Aragorn tomó aliento.
—Fue una lucha ardua, y la fatiga tarda en pasar. No le hablé, y al final sometí la Piedra a mi voluntad. Soportar eso solo ya le será difícil. Y me vio. Sí, Maese Gimli, me vio, pero no como vosotros me veis ahora. Si eso le sirve de ayuda, habré hecho mal. Pero no lo creo. Supongo que saber que estoy vivo y que camino por la tierra fue un golpe duro para él, pues hasta hoy lo ignoraba. Los ojos de Orthanc no habían podido traspasar la armadura de Théoden; pero Sauron no ha olvidado Isildur ni la espada de Elendil. Y ahora, en el momento preciso en que pone en marcha sus ambiciosos designios, se le revelan el heredero de Elendil y la Espada; pues le mostré la hoja que fue forjada de nuevo. No es aún tan poderoso como para ser insensible al temor; no, y siempre lo carcome la duda.
—Pero a pesar de eso, tiene todavía un inmenso poder —dijo Gimli—; y ahora golpeará cuanto antes.
—Un golpe apresurado suele no dar en el blanco —dijo Aragorn—. Ahora hemos de hostigar al Enemigo, sin esperar ya a que sea él quien dé el primer paso. Porque ved, mis amigos: cuando conseguí dominar a la Piedra, me enteré de muchas cosas. Vi llegar del Sur un peligro grave e inesperado para Gondor, que privará a Minas Tirith de gran parte de las fuerza defensoras. Si no es contrarrestado rápidamente, temo que antes de diez días la Ciudad estará perdida para siempre.
—Entonces, está perdida —dijo Gimli—. Pues ¿qué socorros podríamos enviar, y cómo podrían llegar allí a tiempo?

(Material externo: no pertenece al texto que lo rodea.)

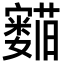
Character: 𬟛
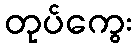
တုပ်ကွေး
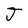
Character: J
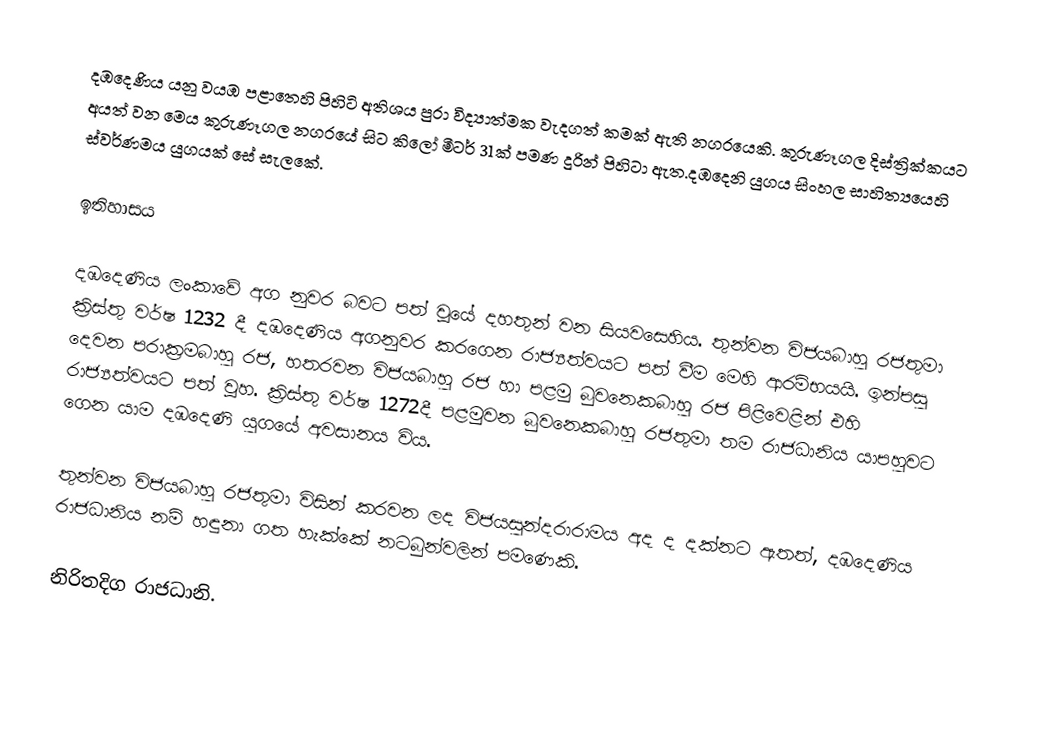
දඹදෙණිය යනු වයඹ පළාතෙහි පිහිටි අතිශය පුරා විද්‍යාත්මක වැදගත් කමක් ඇති නගරයෙකි. කුරුණෑගල දිස්ත්‍රික්කයට අයත් වන මෙය කුරුණෑගල නගරයේ සිට කිලෝ මීටර් 31ක් පමණ දුරින් පිහිටා ඇත.දඹදෙනි යුගය සිංහල සාහිත්‍යයෙහි ස්වර්ණමය යුගයක් සේ සැලකේ.

ඉතිහාසය

දඹදෙණිය ලංකාවේ අග නුවර බවට පත් වූයේ දහතුන් වන සියවසෙහිය. තුන්වන විජයබාහු රජතුමා ක්‍රිස්තු වර්ෂ 1232 දී දඹදෙණිය අගනුවර කරගෙන රාජ්‍යත්වයට පත් වීම මෙහි ආරම්භයයි. ඉන්පසු දෙවන පරාක්‍රමබාහු රජ, හතරවන විජයබාහු රජ හා පළමු බුවනෙකබාහු රජ පිළිවෙළින් එහි රාජ්‍යත්වයට පත් වූහ. ක්‍රිස්තු වර්ෂ 1272දී පළමුවන බුවනෙකබාහු රජතුමා තම රාජධානිය යාපහුවට ගෙන යාම  දඹදෙණි යුගයේ අවසානය විය.

තුන්වන විජයබාහු රජතුමා විසින් කරවන ලද විජයසුන්දරාරාමය අද ද දක්නට ඇතත්, දඹදෙණිය රාජධානිය නම් හඳුනා ගත හැක්කේ නටබුන්වලින් පමණෙකි.

නිරිතදිග රාජධානි.
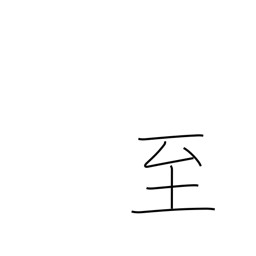
Meaning: climax
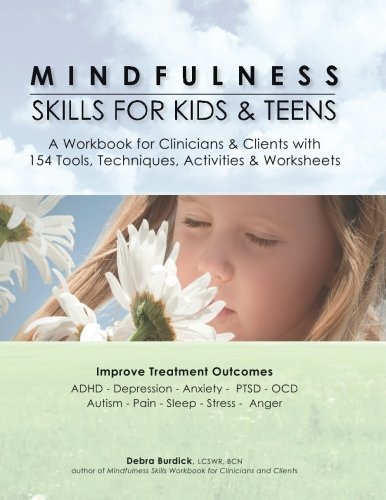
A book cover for Mindfulness Skills for Kids & Teens: A Workbook for Clinicians & Clients with 154 Tools, Techniques, Activities & Worksheets; Debra Burdick; Medical Books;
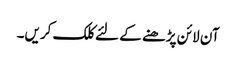
آن لائن پڑھنے کے لئے کلک کریں۔
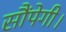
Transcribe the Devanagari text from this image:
सौंपेगी।
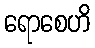
ရောစေဟိ
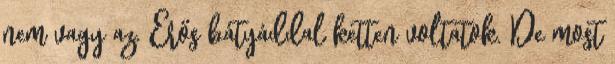
nem vagy az. Erős bátyáddal ketten voltatok. De most
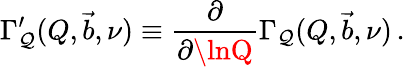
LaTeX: \Gamma_{\mathcal{Q}}^{\prime}(Q,\vec{{b}},\nu)\equiv\frac{{\partial}}{{\partial\lnQ}}\Gamma_{\mathcal{Q}}(Q,\vec{{b}},\nu)\, .
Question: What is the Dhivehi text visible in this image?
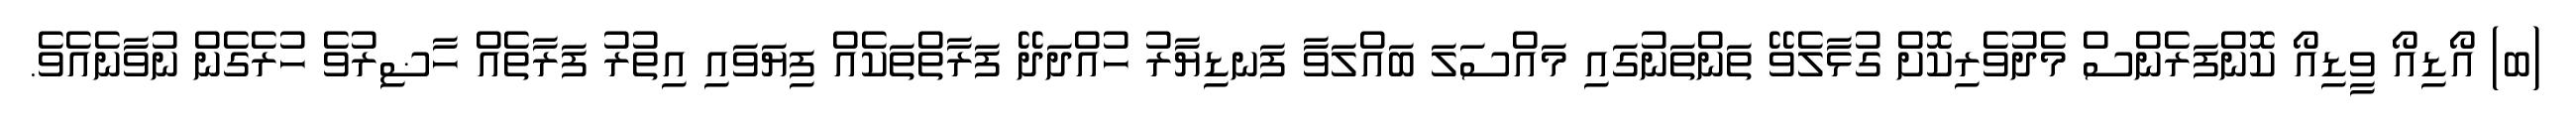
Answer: (ބ) އޯޑިއޯ ވީޑިއޯ ކޮންފަރެންސް މެދުވެރިކޮށް ގުޅާލެވޭ ތަންތަނުގައި މައްސަލަ ބައްލަވާ ފަނޑިޔާރު ހުއްދަދޭ ފަރާތްތަކެއް ފިޔަވައި އިތުރު ފަރާތެއް ހާޟިރުވެ ހުރެގެން ނުވާނެއެވެ.
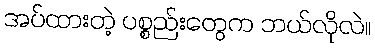
အပ်ထားတဲ့ ပစ္စည်းတွေက ဘယ်လိုလဲ။
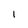
Character: I
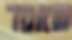
שאמר
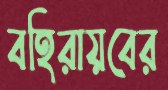
বহিরায়বের
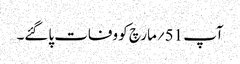
آپ 51؍مارچ کو وفات پاگئے۔
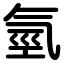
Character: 氫
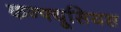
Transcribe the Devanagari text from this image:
कन्फ्यूसियस
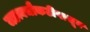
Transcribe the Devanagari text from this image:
जडत्वचौकटीपासून
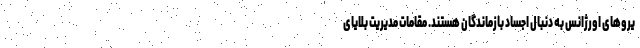
یروهای اورژانس به دنبال اجساد بازماندگان هستند. مقامات مدیریت بلایای
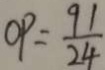
O P = \frac { 9 1 } { 2 4 }
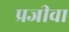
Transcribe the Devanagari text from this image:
प्रजीवा
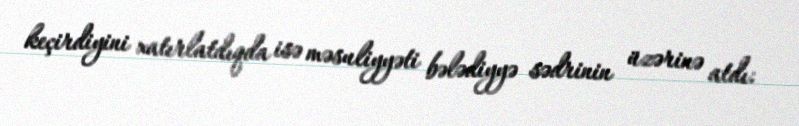
keçirdiyini xatırlatdıqda isə məsuliyyəti bələdiyyə sədrinin üzərinə atdı:
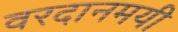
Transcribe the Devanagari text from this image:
वरदानमयी
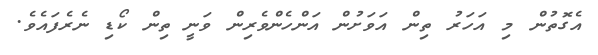
އެގޮތުން މި އަހަރު ތިން އަވަށުން އަންހެންވެރިން ވަނީ ތިން ކޯޑި ނެރެފައެވެ.
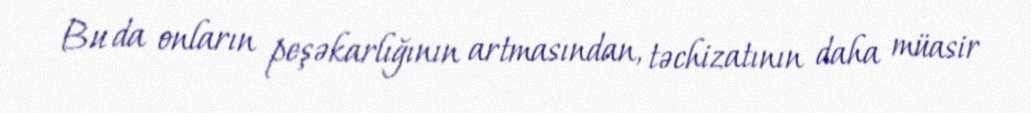
Bu da onların peşəkarlığının artmasından, təchizatının daha müasir
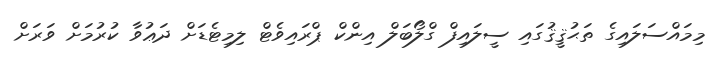
މިމައްސަލައިގެ ތަޙުޤީޤުގައި ސީލައިފް ގްލޯބަލް އިންކް ޕްރައިވެޓް ލިމިޓެޑަށް ދަޢުވާ ކުރުމަށް ވަރަށް
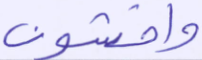
واخشون
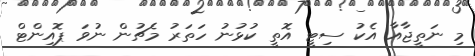
މި ނަތީޖާއާ އެކު ސިޓީ އޮތީ ކުޅުނު ހަތަރު މެޗުން ނުވަ ޕޮއިންޓް
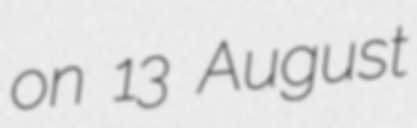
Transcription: on 13 August
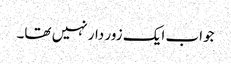
جواب ایک زور دار نہیں تھا۔
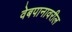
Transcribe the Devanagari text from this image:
वेबपानावरील
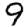
Digit: 9
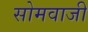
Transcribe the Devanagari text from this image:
सोमवाजी
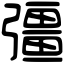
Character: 彊
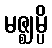
မဇ္ဈမ္ပိ
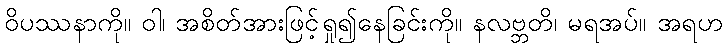
ဝိပဿနာကို။ ဝါ၊ အစိတ်အားဖြင့်ရှု၍နေခြင်းကို။ နလဗ္ဘတိ၊ မရအပ်။ အရဟ
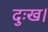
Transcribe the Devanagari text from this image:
दुःख।
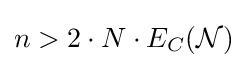
n>2\cdot N\cdot E_{C}({\mathcal {N}})
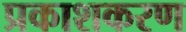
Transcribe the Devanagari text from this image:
प्रकाशकरण
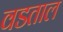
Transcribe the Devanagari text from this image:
वडताल
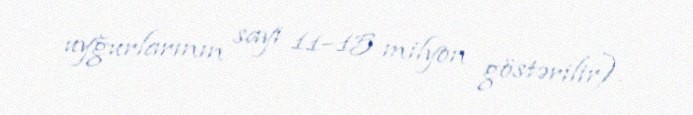
uyğurlarının sayı 11–15 milyon göstərilir).
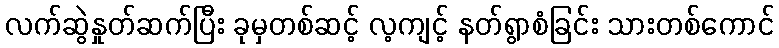
လက်ဆွဲနှုတ်ဆက်ပြီး ခုမှတစ်ဆင့် လ့ကျင့် နတ်ရွာစံခြင်း သားတစ်ကောင်
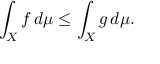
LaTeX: \int _ { X } f \, d \mu \leq \int _ { X } g \, d \mu .
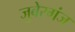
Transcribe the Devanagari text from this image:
जुबेरगंज
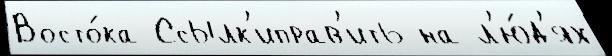
Восто́ка Ссылк'иправ'ить на л'ю́д'ях
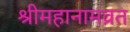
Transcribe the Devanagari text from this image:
श्रीमहानामव्रत
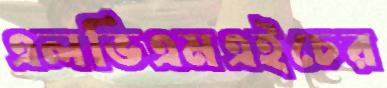
এলভিএমএইচের
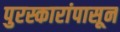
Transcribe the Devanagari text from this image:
पुरस्कारांपासून
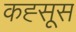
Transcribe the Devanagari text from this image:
कह्सूस

—No tengo ningún socorro para enviar, y he de ir yo mismo —dijo Aragorn—. Pero hay un solo camino en las montañas que pueda llevarme a las tierras de la costa antes que todo se haya perdido: los Senderos de los Muertos.
—¡Los Senderos de los Muertos! —dijo Gimli—. Un nombre funesto; y poco grato para los Hombres de Rohan, por lo que he visto. ¿Pueden los vivos marchar por ese camino sin perecer? Y aun cuando te arriesgues a ir por ahí, ¿qué podrán tan pocos hombres contra los golpes de Mordor?
—Los vivos jamás utilizaron ese camino desde la venida de los Rohirrim —respondió Aragorn—, pues les está vedado. Pero en esta hora sombría el heredero de Isildur puede ir por él, si se atreve. ¡Escuchad! Éste es el mensaje que me transmitieron los hijos de Elrond de Rivendel, hombre versado en las antiguas tradiciones: Exhortad a Aragorn a que recuerde las palabras del vidente, y los Senderos de los Muertos.
—¿Y cuáles pueden ser las palabras del vidente? —preguntó Legolas.
—Así habló Malbeth el Vidente, en tiempos de Arvedui, último rey de Fornost —dijo Aragorn:
Una larga sombra se cierne sobre la tierra,
y con alas de oscuridad avanza hacia el oeste.
La Torre tiembla; a las tumbas de los reyes
se aproxima el destino. Los Muertos despiertan:
ha llegado la hora de los perjuros:
de nuevo en pie en la Piedra de Erech
oirán un cuerno que resuena en las montañas.
¿De quién será ese cuerno? ¿Quién a los olvidados
llama desde el gris del crepúsculo?
El heredero de aquel a quien juraron lealtad.